Are you afraid to go outside? Are you sneezing so much you feel faint? Do you wish you had bought stock in Kleenex? If you are suffering like this reporter is, you don’t need to be told that we are currently experiencing a severe allergy season in Berkeley — maybe one of the worst ever.
Gwynne Searls, a general medicine PA at the John Muir Medical Group, said their Orinda office had been overwhelmed with patients coming in with allergies over the past few weeks. “It’s astonishing,” she said. “We’ve seen many more patients than usual.” Searls said doctors were seeing patients who had never suffered from allergies before, as well as many who were suffering so badly they were feeling sick and having to take time off work.
As for the cause, Searls is uncertain. “There are so many patients, the conspiracy theorist in me began to wonder what exactly was going on,” she said. A more realistic reason, she said, was the unusual weather we have been having — with bursts of late-season rain causing pollen-rich plants to bloom in quantity.
It’s not restricted to Berkeley, of course. The Wall Street Journal reported that allergists in New York were reporting seeing a doubling and tripling of patients, exceeding previous records.
Here on the west coast, the pollen counts are showing decidedly unconvincing “Moderate” levels (see graph below, sourced on a particularly “sneezy” day last week from weather.com).
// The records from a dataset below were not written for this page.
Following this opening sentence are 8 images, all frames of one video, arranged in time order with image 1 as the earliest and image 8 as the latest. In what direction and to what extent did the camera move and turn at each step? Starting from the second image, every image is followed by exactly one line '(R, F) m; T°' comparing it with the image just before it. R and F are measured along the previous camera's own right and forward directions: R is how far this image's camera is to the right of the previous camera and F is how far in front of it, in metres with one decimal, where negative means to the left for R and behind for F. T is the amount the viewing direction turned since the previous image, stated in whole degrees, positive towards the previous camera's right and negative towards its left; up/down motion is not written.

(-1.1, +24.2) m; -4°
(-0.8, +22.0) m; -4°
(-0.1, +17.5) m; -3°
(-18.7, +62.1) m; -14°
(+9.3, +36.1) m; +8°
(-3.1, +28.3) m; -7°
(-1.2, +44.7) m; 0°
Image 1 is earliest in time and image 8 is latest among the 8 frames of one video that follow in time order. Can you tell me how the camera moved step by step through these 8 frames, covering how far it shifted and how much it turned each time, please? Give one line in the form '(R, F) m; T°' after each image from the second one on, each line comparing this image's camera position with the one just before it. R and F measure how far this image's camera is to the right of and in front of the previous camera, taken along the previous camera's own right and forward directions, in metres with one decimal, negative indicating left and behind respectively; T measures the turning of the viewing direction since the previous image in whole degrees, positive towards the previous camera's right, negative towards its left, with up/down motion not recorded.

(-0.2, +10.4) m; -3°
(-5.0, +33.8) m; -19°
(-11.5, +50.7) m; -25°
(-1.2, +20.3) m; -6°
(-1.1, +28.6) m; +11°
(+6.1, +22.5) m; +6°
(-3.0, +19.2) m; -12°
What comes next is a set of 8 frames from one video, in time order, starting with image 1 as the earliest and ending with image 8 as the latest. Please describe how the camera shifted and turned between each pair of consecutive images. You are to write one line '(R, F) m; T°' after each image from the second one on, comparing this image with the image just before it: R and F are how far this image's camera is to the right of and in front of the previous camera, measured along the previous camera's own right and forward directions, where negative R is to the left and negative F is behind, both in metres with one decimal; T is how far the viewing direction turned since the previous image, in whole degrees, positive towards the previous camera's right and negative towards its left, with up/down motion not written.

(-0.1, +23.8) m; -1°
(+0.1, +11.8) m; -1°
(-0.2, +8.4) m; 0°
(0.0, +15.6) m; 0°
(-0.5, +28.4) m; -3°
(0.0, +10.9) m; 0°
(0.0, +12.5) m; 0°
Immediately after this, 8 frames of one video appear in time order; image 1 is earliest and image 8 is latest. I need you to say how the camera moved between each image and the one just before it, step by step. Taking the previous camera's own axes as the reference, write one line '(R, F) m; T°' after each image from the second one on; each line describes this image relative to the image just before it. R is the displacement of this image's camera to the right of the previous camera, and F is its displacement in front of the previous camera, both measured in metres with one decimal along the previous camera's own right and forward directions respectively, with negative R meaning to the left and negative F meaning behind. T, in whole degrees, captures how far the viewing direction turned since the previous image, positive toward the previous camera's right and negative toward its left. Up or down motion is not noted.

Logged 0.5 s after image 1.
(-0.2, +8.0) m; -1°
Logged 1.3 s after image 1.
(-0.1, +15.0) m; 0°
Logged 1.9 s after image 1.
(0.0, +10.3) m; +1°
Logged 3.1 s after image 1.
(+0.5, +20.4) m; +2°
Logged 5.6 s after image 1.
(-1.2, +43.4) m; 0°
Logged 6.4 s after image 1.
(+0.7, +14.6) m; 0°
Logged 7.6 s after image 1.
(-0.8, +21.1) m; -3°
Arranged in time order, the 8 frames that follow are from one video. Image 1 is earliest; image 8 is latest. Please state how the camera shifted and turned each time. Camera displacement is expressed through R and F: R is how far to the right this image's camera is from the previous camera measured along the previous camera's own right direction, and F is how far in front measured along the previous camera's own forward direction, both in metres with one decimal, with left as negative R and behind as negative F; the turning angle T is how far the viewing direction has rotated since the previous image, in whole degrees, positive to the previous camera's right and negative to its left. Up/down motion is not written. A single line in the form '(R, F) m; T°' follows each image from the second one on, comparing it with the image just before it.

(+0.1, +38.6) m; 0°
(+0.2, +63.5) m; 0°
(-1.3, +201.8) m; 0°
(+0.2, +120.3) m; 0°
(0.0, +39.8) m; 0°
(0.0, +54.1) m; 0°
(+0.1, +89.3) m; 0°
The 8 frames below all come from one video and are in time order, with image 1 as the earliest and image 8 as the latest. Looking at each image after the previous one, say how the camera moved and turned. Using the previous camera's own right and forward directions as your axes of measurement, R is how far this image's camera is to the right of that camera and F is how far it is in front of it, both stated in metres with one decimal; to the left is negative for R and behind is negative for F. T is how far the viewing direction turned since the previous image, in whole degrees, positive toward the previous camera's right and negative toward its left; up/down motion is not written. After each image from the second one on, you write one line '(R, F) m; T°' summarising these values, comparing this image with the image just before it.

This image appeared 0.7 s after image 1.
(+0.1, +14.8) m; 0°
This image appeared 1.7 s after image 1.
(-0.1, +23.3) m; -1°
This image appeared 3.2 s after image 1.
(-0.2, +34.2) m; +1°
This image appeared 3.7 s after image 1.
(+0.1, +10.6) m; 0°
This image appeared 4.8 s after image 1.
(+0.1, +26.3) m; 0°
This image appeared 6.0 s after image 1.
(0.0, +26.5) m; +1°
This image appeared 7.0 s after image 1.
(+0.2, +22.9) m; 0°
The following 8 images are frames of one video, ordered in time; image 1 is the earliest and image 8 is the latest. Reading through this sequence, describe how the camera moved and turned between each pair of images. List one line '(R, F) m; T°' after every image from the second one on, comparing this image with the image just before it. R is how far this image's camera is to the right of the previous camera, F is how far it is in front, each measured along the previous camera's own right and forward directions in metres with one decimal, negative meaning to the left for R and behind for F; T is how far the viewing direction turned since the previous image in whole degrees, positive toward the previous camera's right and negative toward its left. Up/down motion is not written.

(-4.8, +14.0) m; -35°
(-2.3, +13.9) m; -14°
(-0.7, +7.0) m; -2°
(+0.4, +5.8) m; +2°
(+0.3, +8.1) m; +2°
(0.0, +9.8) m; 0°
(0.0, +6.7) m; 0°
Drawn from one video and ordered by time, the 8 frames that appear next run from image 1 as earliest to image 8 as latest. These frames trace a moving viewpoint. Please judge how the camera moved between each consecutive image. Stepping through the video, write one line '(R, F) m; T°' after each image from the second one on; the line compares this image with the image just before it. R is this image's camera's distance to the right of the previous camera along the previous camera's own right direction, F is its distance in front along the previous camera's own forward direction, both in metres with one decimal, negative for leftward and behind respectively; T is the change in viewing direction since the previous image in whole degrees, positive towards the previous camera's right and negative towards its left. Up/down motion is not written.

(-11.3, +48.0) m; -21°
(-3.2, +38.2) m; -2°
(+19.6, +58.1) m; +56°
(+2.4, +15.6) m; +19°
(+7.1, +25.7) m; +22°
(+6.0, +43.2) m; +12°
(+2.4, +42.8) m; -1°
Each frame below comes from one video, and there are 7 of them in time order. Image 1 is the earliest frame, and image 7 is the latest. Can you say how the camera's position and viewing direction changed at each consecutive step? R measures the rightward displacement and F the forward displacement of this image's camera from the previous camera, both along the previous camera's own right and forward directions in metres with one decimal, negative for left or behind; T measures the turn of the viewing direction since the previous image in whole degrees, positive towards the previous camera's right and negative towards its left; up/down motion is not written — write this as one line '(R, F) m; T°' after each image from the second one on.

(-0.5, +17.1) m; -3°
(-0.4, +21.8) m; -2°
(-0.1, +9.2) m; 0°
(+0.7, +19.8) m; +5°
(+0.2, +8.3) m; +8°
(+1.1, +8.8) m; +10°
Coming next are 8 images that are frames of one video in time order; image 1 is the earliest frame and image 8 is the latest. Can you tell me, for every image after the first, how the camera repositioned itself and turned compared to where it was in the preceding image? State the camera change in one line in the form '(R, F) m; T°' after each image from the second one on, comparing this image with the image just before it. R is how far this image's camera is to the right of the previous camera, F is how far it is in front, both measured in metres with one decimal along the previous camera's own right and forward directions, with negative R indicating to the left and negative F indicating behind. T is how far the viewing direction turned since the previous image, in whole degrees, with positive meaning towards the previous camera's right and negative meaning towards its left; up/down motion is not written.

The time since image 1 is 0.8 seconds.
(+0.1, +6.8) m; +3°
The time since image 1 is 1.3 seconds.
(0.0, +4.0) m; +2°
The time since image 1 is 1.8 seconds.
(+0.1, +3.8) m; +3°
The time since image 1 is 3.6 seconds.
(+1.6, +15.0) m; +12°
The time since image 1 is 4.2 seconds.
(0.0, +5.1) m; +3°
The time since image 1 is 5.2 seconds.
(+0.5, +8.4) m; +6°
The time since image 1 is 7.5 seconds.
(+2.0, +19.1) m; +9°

The charts do not tally with the evidence to the contrary all around us: streaming noses, congestion and sneezing fits of the sort that are liable to drain every ounce of energy from you and send you to the nearest couch.
As for treatment, the usual antihistamines might help — be they in pill, nasal spray, or liquid form. Doctors can prescribe stronger doses than the over-the-counter variety, and generic brands come in cheaper if you are buying at a pharmacy or drugstore.
If you’ve heard preventative shots are the most effective way to go, the bad news is you’ve left it too late for this season. As the receptionist at the office of Berkeley allergist Dr Nataliya Kushnir put it: “You need to build up the immunity, so shots now won’t help much, but make sure you’re prepared for next year.”
Meantime, atishoo, atishoo to you too.